[Mesa-dev] [PATCH v2] glsls: Modify exec_list to avoid strict-aliasing violations
davmac at davmac.org
Fri Jun 26 08:32:06 PDT 2015
On 26/06/15 15:29, Erik Faye-Lund wrote:
> On Fri, Jun 26, 2015 at 4:16 PM, Davin McCall <davmac at davmac.org> wrote:
>> On 26/06/15 14:53, Erik Faye-Lund wrote:
>>> On Fri, Jun 26, 2015 at 3:05 PM, Davin McCall <davmac at davmac.org> wrote:
>>> It is. In fact, it's not even possible to violate strict-aliasing
>>> without doing at least two operations. You cannot validate operations
>>> in a vacuum, because that's not how strict-aliasing is defined.
>> Any pointer dereference can violate strict aliasing - that's one operation.
>> If you mean that it's first necessary to construct a pointer value in such a
>> way that de-referencing it will be an aliasing violation, then yes, I agree
>> with this statement.
> Yes, I mean exactly the latter. You cannot look at one operation in
> isolation, you need to look at the whole program.
>>>> As I have pointed out, with your reading,
>>>> pretty much any pointer cast constitutes an aliasing violation.
>>> No, only those violating the strict aliasing rules I posted before.

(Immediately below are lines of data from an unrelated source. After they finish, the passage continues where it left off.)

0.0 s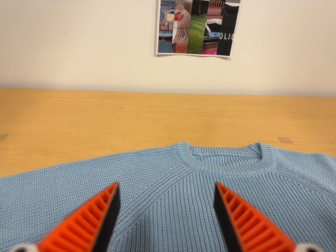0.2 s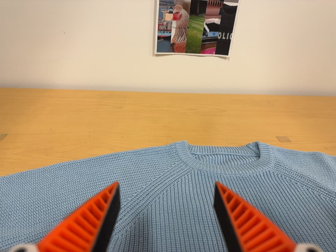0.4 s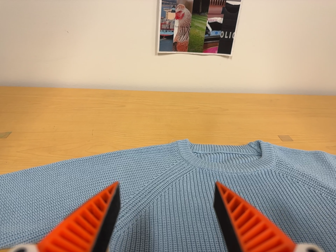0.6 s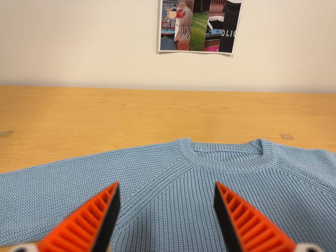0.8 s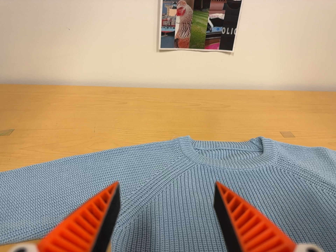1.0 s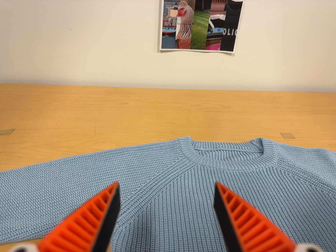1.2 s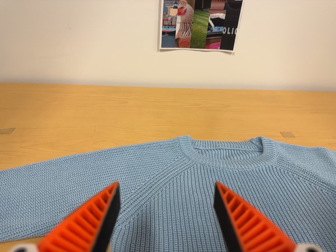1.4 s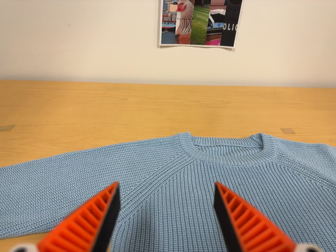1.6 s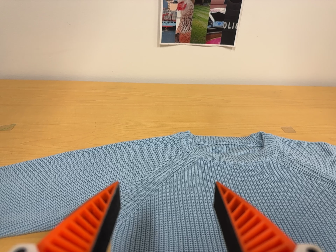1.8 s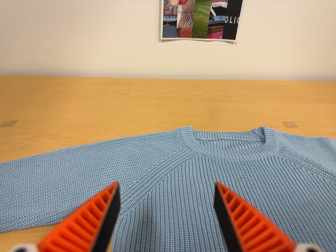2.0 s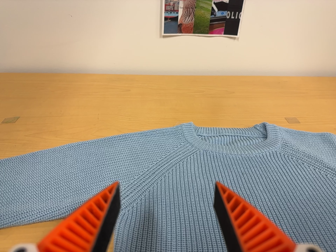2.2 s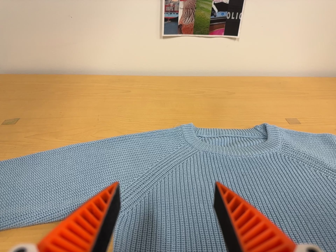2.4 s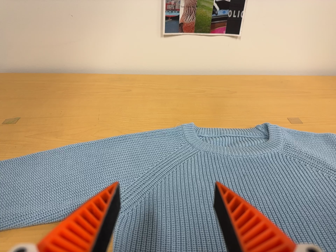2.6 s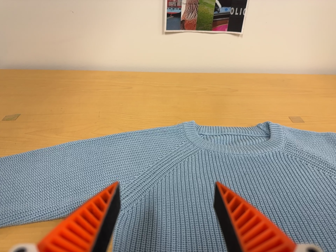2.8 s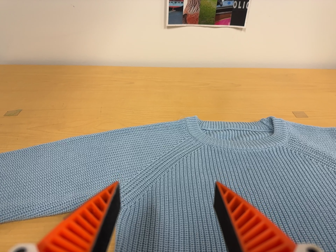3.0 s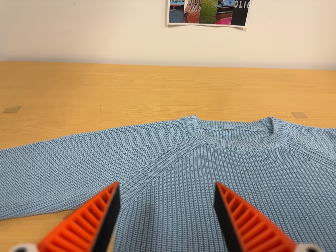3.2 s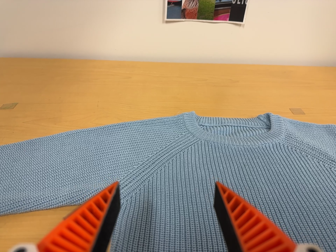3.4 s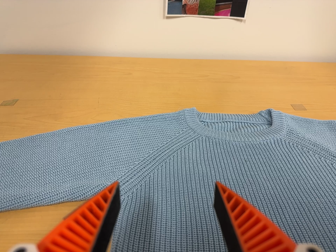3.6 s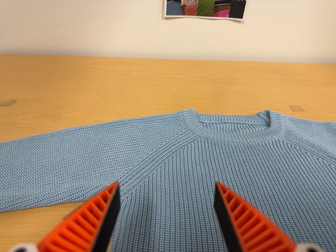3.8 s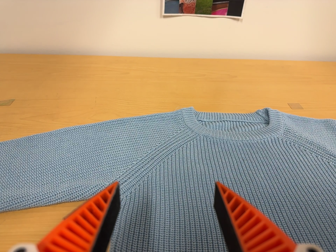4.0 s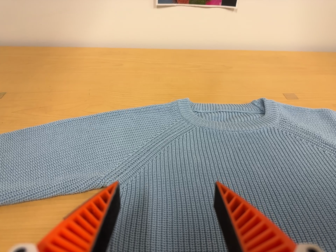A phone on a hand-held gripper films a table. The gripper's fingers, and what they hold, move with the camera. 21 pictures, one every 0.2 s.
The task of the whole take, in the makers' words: right arm across.
0.0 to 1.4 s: The camera keeps its place and its aim.
1.4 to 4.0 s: The camera shifts only a little, or ends up much as it began.
The film runs forward here.

>> ... which would only allow changing const/volatile qualifiers, not the
>> pointed-to type.
> You can change the pointed to type in terms of signedness, you can
> cast it to a compatible type, you can cast a void-pointer or
> char-pointer to any type. But you need to make sure you don't violate
> the strict-aliasing rules in some other way while doing the latter.
A cast by itself simply can't cause an aliasing violation, because it
doesn't "access the stored value of an object". The aliasing violation
has to happen either before or after the cast.
> Aliasing *is* hard. But let's not go shopping for that reason.
Agreed, though maybe this is getting to the point where we should take
>> Your reading also disallows casting an 'int' variable to type 'long',
>> because that isn't on the list.
>>>> The strict aliasing rules specify what kind of reference you can use to
>>>> access an object of a particular type. They say nothing about how that
>>>> reference is obtained.
>>> Which means that it applies regardless of how you obtain it.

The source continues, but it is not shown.